Comedic Opportunities in Test (Without complaining)
10/11/2011 - Anonymous
Hello! I have been a tester for a little over 10 years now, and I wanted to share some character archetypes with you based on people I’ve met along the way. I have to admit that I was disappointed with your article about test being a hellish thankless job - it’s not like that everywhere you know.
Anyways, on to the archetypes:
- The “bug machine” tester who just put in 26 bugs on the horse animations in the last hour
- The tester who owns every console ever
- The giant vampiric manchild who can’t say good things about anything, except that weird JRPG that nobody has ever heard of and only laughs inappropriately in loud, short bursts *HAHA*
- The pretty girl that all the guys are afraid to talk to until she hosts a brownbag on “How to perform fatalities in MK” (This actually happened)
- The Russian guy who smells like cigarette smoke and violence and says words like “Tester Porn” when he sees debug commands and never calls in favors people owe him - Leaving work at 11:30pm on a Sunday, you get a flat tire. Out of nowhere, Vasily pulls around his 1998 Jeep Cherokee and gives you a spare he just happened to have that fits perfectly and in the thick svelte accent says “Don’t mention it.” You are convinced that one day he’s going to ask you to hide a body, execute a cop or worse… cover his shift.

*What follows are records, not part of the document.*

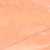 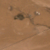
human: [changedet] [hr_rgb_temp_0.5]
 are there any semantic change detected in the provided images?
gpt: A few houses were made above the road.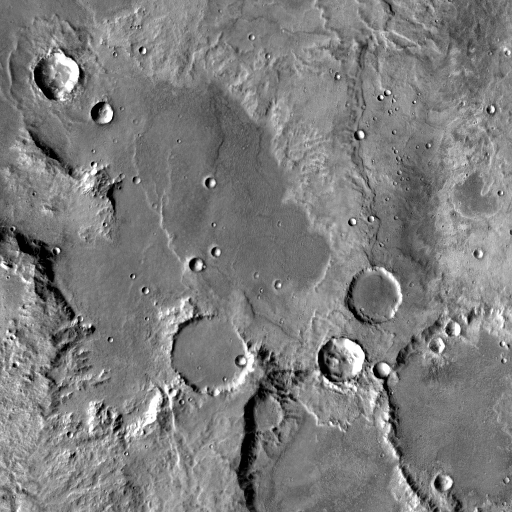
Crater classes present: Background, Other, Layered, Buried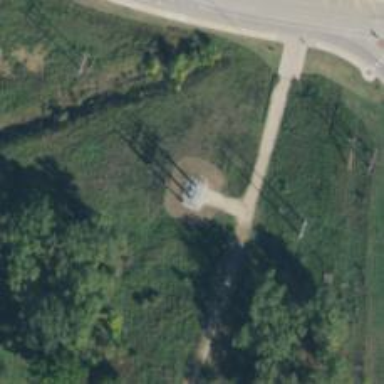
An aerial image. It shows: Power tower that serves as switch.
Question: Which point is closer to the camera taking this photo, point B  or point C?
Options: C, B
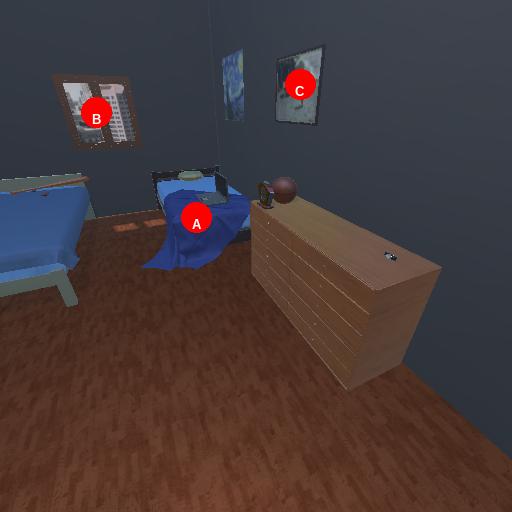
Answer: C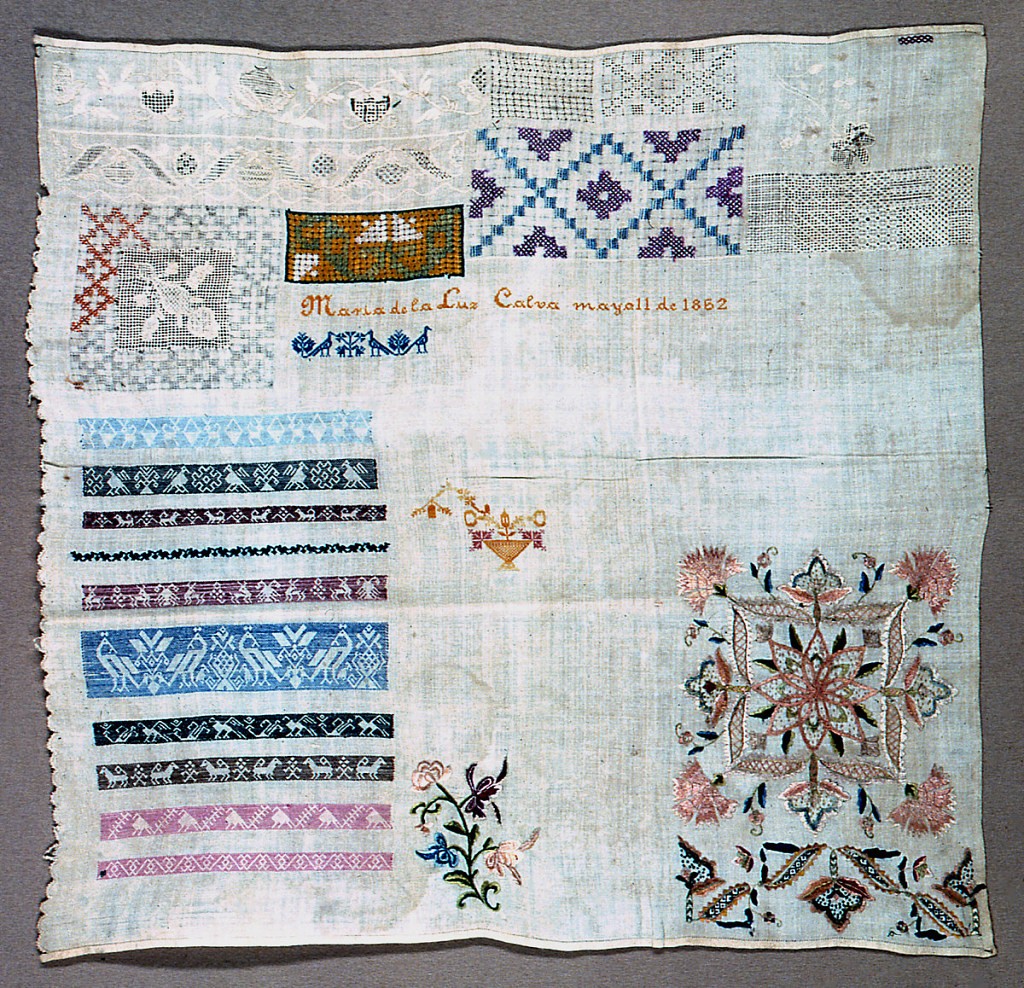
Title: Sampler
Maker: Maria de la Luz Garcia
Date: May 11, 1852
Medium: wool, silk Technique: embroidered in satin, stem, knot, cross, buttonhole, chain, herringbone, feather, and running stitches with withdrawn element work and needle made fillings on plain weave foundation
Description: Unfinished sampler with horizontal bands of animal patterns in running stitch imitating weaving in the lower left corner, a large floral motif in the lower right corner, a various geometric pattern bands, withdrawn element work, and spot motifs scattered over the ground. Embroidered in pale shades of brown, blue, green, yellow, and pink on a natural ground.
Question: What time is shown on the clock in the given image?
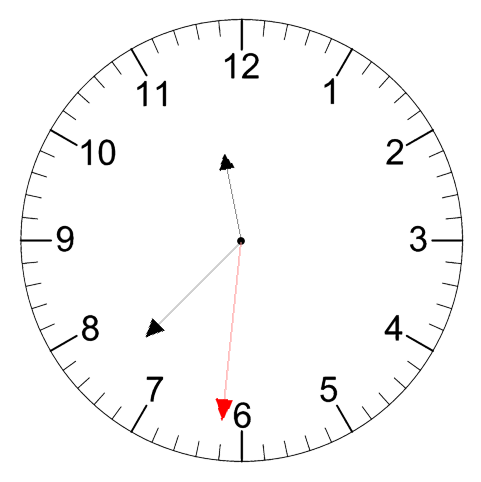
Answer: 11:37:31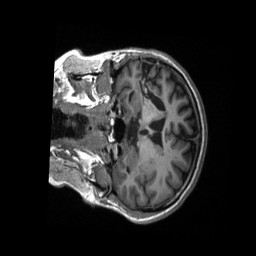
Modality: T1w
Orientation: coronal
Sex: male
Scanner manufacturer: siemens
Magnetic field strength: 3 T
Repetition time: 2.3 s
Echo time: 0.00226 s
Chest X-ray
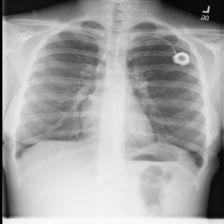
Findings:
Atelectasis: negative
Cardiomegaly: negative
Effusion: negative
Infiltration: positive
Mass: negative
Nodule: negative
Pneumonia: negative
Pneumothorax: negative
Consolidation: negative
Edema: negative
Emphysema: negative
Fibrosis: negative
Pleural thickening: negative
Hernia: negative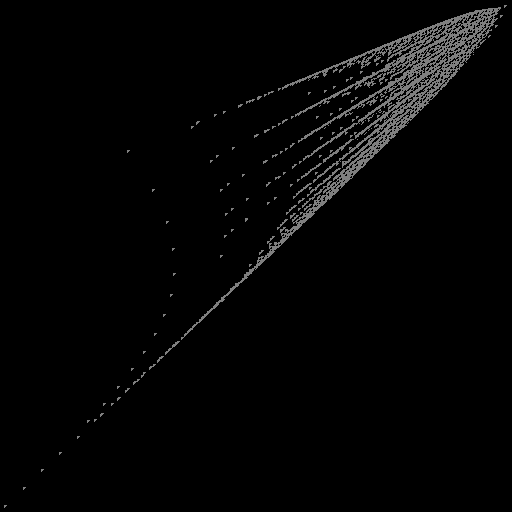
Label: drumlin
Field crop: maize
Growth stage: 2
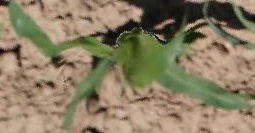
Species: maize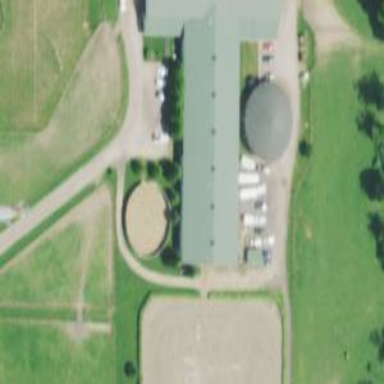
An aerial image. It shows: Gabled roof farm auxiliary building designed for equestrian activities.
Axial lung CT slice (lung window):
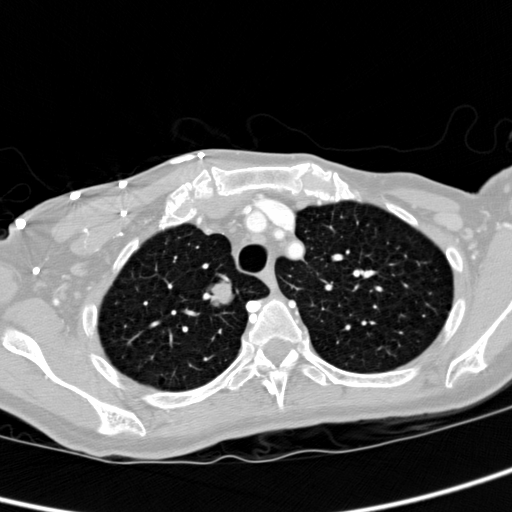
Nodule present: yes
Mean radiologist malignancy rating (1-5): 4.25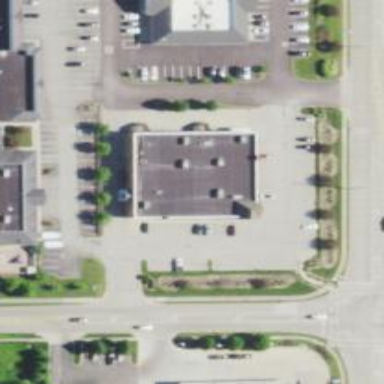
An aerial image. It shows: Pharmacy providing healthcare services.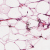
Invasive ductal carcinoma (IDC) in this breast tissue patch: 0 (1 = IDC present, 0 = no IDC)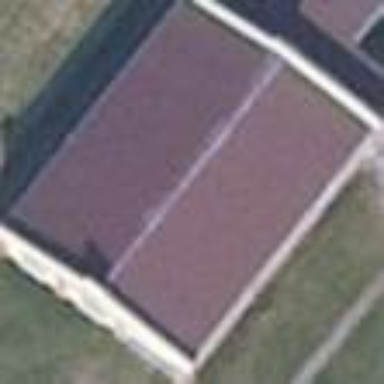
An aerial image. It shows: Service building.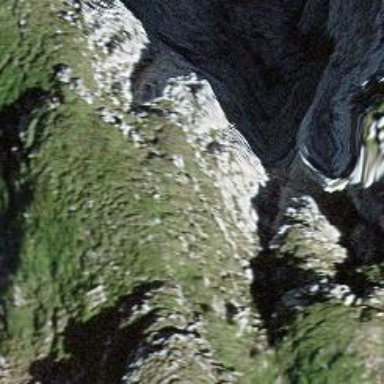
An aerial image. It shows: Cliff in nature.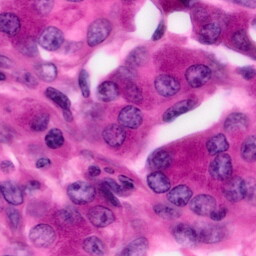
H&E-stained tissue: Pancreatic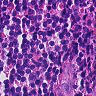
Metastatic tissue present: no
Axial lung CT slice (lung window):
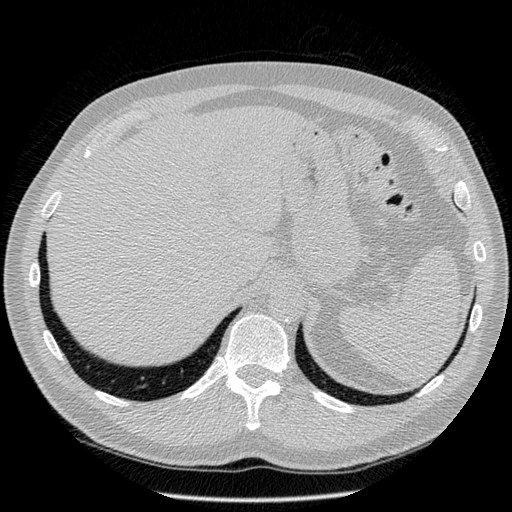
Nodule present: no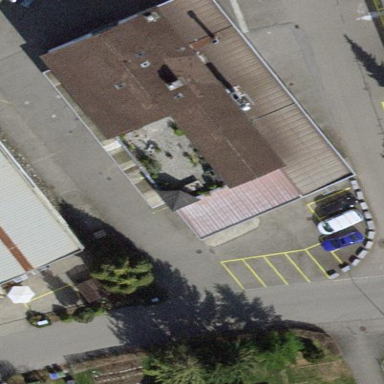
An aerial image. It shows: Industrial building with gabled roof.

- The certification tester whose eyes are so dead, they make the Great White Shark look sympathetic
- The girl who learned conversational Japanese from Nintendo Error messages
- The localization tester who everyone calls over to their desk to get them back to English when they get stuck testing in E, F, R, I, G, S
- The MacGuyver tester who hooked up an oscillating fan to the joystick for soak tests *without* using duct tape (I got lots about this guy…)
- The test manager/director that intently listens and then only laughs when asked about publisher negotiations
- Dev QA vs Pub QA - seriously this is all you need for endless fun
- The former Nuclear Sub pilot who wanted a job that was low stress and doesn’t know what everyone whines about when the AC shuts off on Sunday. “YOU SHOULD TRY DOING THIS EVERY DAY FOR 500 DAYS BITCHES WE COULD LAND A BIRD ON THE DECK IN THIS HEAT.”
What the fuck does that even mean?
Cheers and have fun.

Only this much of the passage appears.